Nos dias subsequentes ao sumiço, a família de Beatriz distribuiu aproximadamente 3 mil panfletos com a foto da idosa entre visitantes e romeiros que chegavam ao Santuário. Durante missas e em filas de ônibus de excursão, diversos motoristas e fiéis foram orientados a ficar atentos em caso de avistamento. Em determinado momento, surgiu o relato de que uma mulher com feições semelhantes caminhava por um bairro de Aparecida acompanhada de outra pessoa, vestindo roupas parecidas com as usadas por Beatriz no dia do desaparecimento, mas a pista nunca foi confirmada.
Beatriz saiu de Portão (RS) em 20 de julho de 2012, integrando um grupo de cerca de 30 turistas liderados por seu marido, Delmar, e incluindo visitas a Holambra (SP) e Poços de Caldas (MG).
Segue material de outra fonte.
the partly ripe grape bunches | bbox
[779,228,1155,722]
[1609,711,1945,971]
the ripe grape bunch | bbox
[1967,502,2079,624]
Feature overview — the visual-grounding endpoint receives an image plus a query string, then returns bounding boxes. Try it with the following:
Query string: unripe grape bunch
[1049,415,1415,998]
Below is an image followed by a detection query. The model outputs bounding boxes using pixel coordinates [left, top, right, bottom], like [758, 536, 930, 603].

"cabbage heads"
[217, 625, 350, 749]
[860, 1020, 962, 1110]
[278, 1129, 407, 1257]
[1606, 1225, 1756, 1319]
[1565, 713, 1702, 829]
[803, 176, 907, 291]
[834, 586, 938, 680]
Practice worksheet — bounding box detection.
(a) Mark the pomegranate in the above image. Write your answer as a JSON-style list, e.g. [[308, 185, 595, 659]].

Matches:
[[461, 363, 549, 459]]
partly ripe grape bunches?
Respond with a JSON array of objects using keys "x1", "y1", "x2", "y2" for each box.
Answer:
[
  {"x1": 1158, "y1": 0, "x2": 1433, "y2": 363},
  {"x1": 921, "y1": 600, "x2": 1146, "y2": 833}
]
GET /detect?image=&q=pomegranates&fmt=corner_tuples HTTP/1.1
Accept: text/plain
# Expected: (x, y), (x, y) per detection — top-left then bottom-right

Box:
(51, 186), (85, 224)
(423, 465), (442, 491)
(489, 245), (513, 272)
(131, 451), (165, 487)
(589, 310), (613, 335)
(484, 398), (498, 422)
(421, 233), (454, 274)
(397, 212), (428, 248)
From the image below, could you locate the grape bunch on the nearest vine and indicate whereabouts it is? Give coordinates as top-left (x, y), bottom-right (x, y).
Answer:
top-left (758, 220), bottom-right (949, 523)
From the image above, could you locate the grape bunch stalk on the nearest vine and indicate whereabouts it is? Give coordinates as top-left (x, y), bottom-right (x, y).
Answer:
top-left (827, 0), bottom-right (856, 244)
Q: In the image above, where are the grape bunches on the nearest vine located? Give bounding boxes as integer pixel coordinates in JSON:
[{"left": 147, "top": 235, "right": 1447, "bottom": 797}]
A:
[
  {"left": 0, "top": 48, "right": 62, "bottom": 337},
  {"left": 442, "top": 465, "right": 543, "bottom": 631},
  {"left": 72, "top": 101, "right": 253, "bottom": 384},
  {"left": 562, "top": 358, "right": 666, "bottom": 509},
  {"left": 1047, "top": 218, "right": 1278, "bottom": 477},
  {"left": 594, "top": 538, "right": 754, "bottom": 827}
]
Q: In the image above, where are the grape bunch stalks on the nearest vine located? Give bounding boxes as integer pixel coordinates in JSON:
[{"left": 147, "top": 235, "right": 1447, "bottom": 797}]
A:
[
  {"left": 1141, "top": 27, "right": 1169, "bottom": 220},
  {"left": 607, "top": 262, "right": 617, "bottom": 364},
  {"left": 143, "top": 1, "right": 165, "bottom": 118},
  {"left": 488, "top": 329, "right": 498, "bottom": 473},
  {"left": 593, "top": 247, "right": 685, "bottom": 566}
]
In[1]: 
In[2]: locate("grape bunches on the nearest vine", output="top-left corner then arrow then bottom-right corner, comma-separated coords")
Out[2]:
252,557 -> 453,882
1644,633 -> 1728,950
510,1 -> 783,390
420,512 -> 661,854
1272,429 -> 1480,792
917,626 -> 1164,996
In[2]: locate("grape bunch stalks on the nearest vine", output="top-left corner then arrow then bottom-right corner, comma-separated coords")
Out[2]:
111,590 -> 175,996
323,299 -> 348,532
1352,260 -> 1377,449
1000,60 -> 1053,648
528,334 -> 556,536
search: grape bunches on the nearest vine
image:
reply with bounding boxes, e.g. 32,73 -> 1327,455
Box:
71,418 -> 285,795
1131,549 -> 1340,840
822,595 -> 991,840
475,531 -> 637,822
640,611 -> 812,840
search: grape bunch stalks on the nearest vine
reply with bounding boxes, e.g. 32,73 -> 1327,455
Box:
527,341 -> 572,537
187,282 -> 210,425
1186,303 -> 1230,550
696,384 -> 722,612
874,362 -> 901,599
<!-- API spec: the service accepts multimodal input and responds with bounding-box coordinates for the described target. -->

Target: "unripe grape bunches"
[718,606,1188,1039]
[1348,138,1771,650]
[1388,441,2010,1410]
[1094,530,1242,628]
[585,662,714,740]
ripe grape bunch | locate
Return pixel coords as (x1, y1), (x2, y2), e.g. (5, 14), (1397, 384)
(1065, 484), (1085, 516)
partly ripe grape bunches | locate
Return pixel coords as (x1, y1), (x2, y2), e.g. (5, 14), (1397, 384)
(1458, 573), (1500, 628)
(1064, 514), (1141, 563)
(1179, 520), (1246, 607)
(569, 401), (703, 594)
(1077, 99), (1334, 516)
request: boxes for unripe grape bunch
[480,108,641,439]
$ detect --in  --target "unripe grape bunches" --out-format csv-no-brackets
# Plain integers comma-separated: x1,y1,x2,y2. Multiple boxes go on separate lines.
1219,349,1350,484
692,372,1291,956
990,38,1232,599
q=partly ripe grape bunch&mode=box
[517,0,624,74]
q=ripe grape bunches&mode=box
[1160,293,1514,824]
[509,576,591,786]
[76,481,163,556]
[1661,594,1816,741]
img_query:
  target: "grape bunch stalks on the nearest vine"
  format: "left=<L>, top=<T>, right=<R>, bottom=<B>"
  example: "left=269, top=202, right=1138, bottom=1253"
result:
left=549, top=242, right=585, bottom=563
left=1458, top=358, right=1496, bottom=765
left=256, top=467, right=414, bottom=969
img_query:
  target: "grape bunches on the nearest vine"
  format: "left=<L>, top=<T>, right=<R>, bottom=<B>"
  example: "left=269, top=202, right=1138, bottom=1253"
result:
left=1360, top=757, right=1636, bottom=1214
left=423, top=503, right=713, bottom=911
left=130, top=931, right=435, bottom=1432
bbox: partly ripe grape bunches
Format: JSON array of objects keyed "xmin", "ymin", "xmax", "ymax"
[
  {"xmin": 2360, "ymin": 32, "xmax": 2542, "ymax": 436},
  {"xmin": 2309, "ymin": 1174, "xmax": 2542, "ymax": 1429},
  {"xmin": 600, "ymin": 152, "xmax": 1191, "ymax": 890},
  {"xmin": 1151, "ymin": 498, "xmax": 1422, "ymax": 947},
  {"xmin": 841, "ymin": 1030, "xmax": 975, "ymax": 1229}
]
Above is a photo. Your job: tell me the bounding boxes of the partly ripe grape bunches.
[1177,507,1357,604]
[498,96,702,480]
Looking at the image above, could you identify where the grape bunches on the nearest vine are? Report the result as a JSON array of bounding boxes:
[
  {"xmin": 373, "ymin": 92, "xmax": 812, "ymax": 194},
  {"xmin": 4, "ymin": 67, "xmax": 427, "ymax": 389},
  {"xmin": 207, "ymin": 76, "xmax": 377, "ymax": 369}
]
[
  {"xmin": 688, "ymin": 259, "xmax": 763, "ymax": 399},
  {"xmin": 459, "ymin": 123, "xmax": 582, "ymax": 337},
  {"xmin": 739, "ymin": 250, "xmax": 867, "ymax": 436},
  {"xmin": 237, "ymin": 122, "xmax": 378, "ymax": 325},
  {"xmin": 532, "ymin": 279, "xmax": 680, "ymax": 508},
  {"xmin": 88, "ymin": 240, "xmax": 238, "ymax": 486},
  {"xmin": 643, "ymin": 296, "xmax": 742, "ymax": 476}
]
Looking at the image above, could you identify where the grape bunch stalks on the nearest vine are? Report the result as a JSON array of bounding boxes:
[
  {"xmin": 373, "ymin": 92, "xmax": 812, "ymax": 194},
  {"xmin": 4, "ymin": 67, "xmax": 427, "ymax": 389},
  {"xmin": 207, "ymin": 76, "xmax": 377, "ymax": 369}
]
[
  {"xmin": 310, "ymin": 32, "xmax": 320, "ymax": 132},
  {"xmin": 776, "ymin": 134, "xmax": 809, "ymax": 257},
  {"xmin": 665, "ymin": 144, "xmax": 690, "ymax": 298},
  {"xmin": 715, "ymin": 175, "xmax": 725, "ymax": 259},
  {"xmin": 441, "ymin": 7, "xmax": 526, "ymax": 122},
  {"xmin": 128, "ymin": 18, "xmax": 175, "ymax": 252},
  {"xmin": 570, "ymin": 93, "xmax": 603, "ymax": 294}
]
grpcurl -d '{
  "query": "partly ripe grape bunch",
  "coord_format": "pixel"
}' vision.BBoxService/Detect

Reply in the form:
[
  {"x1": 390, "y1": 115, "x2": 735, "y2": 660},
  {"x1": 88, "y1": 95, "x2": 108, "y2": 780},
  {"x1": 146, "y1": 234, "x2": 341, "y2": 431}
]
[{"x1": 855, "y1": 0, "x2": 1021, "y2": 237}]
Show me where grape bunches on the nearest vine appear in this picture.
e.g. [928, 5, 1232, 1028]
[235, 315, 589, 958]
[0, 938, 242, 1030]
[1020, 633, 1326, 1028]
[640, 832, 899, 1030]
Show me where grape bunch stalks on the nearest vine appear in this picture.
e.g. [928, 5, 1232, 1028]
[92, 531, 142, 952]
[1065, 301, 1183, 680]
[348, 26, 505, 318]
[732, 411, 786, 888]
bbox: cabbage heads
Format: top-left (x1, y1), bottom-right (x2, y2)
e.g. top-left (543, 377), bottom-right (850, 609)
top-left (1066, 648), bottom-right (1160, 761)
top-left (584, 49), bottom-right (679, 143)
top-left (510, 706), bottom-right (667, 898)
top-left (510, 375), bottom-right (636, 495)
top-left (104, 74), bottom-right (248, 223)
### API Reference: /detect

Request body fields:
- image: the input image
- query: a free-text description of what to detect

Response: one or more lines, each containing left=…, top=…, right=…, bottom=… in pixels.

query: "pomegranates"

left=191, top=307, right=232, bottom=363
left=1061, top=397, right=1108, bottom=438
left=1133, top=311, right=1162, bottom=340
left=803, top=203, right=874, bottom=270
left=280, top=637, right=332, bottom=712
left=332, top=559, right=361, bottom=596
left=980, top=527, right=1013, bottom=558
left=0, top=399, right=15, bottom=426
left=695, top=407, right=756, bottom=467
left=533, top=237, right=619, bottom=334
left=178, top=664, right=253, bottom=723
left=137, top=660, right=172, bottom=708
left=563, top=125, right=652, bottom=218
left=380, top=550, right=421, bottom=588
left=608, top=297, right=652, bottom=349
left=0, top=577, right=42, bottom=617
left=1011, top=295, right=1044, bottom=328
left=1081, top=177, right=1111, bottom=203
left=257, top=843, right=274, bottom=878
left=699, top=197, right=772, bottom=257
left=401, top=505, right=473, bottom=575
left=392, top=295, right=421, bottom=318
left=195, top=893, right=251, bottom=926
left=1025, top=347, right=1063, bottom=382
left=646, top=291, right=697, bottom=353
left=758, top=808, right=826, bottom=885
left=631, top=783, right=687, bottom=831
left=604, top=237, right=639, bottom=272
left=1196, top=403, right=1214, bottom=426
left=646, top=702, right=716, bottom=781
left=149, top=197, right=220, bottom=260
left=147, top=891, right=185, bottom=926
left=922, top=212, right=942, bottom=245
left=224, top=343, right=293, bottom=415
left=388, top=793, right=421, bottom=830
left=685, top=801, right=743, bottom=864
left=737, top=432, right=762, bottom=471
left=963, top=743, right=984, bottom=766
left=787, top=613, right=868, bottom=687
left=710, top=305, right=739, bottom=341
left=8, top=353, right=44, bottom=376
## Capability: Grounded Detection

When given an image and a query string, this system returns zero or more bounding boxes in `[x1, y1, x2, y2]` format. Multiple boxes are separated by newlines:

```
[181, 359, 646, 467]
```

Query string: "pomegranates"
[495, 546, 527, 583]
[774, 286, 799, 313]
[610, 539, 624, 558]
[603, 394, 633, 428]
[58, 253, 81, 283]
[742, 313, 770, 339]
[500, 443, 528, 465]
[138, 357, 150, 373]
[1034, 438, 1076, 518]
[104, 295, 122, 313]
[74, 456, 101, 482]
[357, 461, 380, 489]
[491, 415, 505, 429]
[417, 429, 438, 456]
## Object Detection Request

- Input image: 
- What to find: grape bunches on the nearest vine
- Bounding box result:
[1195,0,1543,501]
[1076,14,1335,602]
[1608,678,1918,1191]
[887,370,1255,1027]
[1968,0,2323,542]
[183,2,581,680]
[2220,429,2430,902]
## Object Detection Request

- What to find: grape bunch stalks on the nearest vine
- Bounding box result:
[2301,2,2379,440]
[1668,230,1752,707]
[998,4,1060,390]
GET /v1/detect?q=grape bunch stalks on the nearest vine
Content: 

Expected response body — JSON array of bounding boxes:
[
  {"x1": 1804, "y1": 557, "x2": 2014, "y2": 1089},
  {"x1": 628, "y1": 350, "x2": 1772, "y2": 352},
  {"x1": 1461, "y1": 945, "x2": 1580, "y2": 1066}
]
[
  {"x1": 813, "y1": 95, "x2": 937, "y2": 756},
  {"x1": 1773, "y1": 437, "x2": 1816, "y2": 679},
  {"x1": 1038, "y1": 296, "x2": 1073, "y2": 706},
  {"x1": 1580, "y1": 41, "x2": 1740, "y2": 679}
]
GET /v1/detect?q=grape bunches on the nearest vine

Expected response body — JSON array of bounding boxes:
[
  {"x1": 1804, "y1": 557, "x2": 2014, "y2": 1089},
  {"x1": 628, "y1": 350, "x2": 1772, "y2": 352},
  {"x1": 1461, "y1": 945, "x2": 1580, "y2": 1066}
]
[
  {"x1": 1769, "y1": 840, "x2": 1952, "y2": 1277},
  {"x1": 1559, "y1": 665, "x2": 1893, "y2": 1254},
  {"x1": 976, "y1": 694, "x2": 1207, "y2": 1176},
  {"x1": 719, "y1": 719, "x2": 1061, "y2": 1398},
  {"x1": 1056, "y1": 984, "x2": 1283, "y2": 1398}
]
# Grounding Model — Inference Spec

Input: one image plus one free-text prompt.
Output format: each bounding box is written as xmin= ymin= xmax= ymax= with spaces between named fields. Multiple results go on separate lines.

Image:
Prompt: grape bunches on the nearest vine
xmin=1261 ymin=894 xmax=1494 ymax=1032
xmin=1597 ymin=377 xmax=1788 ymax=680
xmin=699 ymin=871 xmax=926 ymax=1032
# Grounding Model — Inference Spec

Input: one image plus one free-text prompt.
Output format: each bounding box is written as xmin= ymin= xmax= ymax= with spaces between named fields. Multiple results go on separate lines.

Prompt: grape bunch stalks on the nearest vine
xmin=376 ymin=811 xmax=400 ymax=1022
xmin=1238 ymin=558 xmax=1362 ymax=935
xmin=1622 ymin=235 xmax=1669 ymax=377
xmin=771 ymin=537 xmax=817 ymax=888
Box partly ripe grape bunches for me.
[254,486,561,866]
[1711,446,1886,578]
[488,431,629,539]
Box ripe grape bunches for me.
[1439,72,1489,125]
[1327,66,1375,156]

No dia 21, durante a tarde, ela se desvincilhou do grupo em meio à multidão de devotos e desapareceu sem deixar vestígios. No dia seguinte, sob forte comoção, um de seus filhos e um genro viajaram de Minas Gerais para Aparecida a fim de reforçar as buscas ao lado de Delmar.
Quase 14 anos depois, nenhum indício sólido sobre o paradeiro de Beatriz Joanna Von Hohendorff Winck foi obtido. Apesar do empenho de familiares, voluntários e da Polícia Civil de São Paulo, o caso segue sem desfecho. Esse desaparecimento permanece como um dos mais emblemáticos na história do Santuário Nacional de Aparecida, gerando questionamentos sobre o que realmente ocorreu com a idosa e mantendo viva a esperança de que, um dia, sua localização seja esclarecida.